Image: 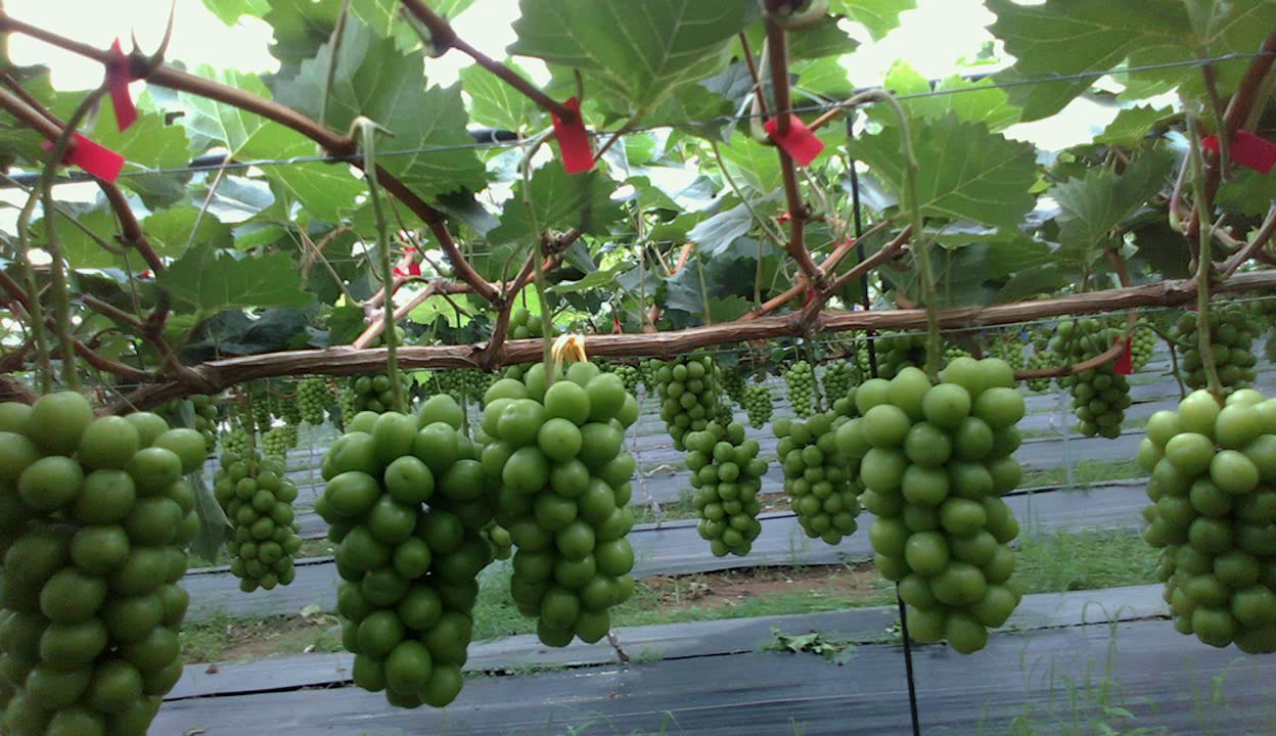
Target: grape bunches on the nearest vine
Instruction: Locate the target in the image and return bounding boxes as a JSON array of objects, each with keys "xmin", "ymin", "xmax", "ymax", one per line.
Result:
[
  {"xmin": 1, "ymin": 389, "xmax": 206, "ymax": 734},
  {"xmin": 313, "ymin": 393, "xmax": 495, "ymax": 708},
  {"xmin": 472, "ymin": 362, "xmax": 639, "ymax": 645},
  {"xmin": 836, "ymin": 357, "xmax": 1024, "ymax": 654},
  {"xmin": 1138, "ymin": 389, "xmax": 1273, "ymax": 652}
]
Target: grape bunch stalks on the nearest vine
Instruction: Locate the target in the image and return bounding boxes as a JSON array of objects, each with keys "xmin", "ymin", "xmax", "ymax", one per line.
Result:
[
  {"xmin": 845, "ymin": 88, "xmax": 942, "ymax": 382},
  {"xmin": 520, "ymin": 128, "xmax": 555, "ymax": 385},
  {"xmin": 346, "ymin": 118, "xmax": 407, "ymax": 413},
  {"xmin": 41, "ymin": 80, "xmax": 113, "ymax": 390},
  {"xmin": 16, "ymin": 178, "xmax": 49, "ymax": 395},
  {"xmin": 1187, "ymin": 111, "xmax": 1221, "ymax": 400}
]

_ _ _ _ _

▶ **Problem to solve**: Output the lines, exactly: the first line of the entries above, every line after it, and the line with "Target: grape bunch stalks" as the last. No pictures.

▶ **Exercise solution**:
Image: 
Target: grape bunches on the nearest vine
Instruction: Locate the target in the image and return bounding boxes as a JSON array of objects, each with keys "xmin", "ymin", "xmax", "ymax", one per line.
Result:
[
  {"xmin": 1, "ymin": 389, "xmax": 206, "ymax": 734},
  {"xmin": 313, "ymin": 393, "xmax": 495, "ymax": 708},
  {"xmin": 472, "ymin": 362, "xmax": 639, "ymax": 645},
  {"xmin": 836, "ymin": 357, "xmax": 1024, "ymax": 654},
  {"xmin": 1138, "ymin": 389, "xmax": 1273, "ymax": 652}
]
Target: grape bunch stalks on the nearest vine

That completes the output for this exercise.